Similarly, Huang et al. found that up-regulation of HER2/Snail double-positive patients had poor survival and significantly associated with CDDP-resistant in GC cells mediated by EMT (Huang et al. 2016). Eukaryotic translation initiation factor 5A2 (eIF5A2) is an essential tumor-promoting function in GC. One report showed that the Silencing of eIF5A2 factor enhanced the sensitivity of GC cells to cisplatin by mediating EMT (Sun et al. 2018b). A current study found that phosphorylated p-HER4, HER4, YAP1, and Vimentin were significantly higher and HER2 and E-cadherin were found down-regulated in response to the trastuzumab in vivo. These results revealed that the major role of the HER4-YAP1 in trastuzumab resistance of HER2-positive GC cells via induction of EMT (Shi et al. 2018). Kang et al. demonstrated that up-regulation of DUSP4 can enhance doxorubicin resistance by stimulating EMT in GC cells (Kang et al. 2017).

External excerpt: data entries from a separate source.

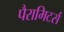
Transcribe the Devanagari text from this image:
पैरामिटर्स
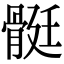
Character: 䯕
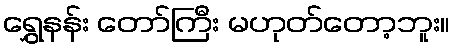
ရွှေနန်း တော်ကြီး မဟုတ်တော့ဘူး။
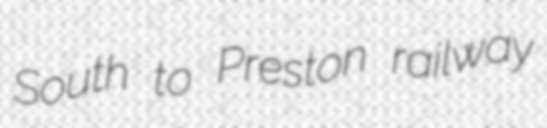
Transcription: South to Preston railway
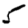
Digit: 5
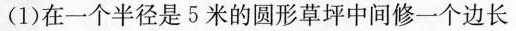
(1)在一个半径是5米的圆形草坪中间修一个边长
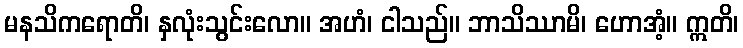
မနသိကရောတိ၊ နှလုံးသွင်းလော။ အဟံ၊ ငါသည်။ ဘာသိဿာမိ၊ ဟောအံ့။ ဣတိ၊
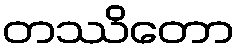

A study Report proposed that depletion of TAZ (transcriptional co-activator) caused partial Transition of EMT to MET in CDDP resistant GC cells, which are negatively regulated by the Hippo pathway (Ge et al. 2017). Wang et al. also showed that the chemoresistance to cisplatin-induced EMT in human GC cells (Wang et al. 2016). Additionally, has been observed that Doxorubicin is able to induce EMT in GC patients through inhibition of the β-catenin signaling pathway by indomethacin and inhibition of p300 in BGC-823 GC cell (Han et al. 2013; Han et al. 2014). Moreover, Fas belongs to a member of the TNF family, which stimulate tumor cell motility inducing EMT, and support metastasis formation in GC. down-regulation of Snail and Twist expression significantly decreased Fas-induced motility, as well as the use of oxaliplatin chemo drug prompt to induce EMT moderately resulting in chemo-resistant through Fas signaling pathway (Zheng et al. 2013).

8.8 Conclusion

The chemoresistance of tumor cells to chemotherapy occurs from a reduction in drug availability and induction of several oncogenic signaling pathways. Due to the cell specificity to chemoresistance. Major chemoresistance-related proteins are localized in the cell membrane; these proteins are complex and highly versatile in various events, including apoptosis, proliferation, autophagy, and EMT. Now it is essential for the cancer patients receiving targeted combine therapy to increase therapeutic efficacy and reduced tissue toxicity. This chapter may deliver a further understanding of molecular signaling network in Gastric cancer chemoresistance, which facilitates the establishment of novel therapeutic targets and potential chemo sensitive biomarkers to decrease the cancer recurrence and improve the patient lifespan.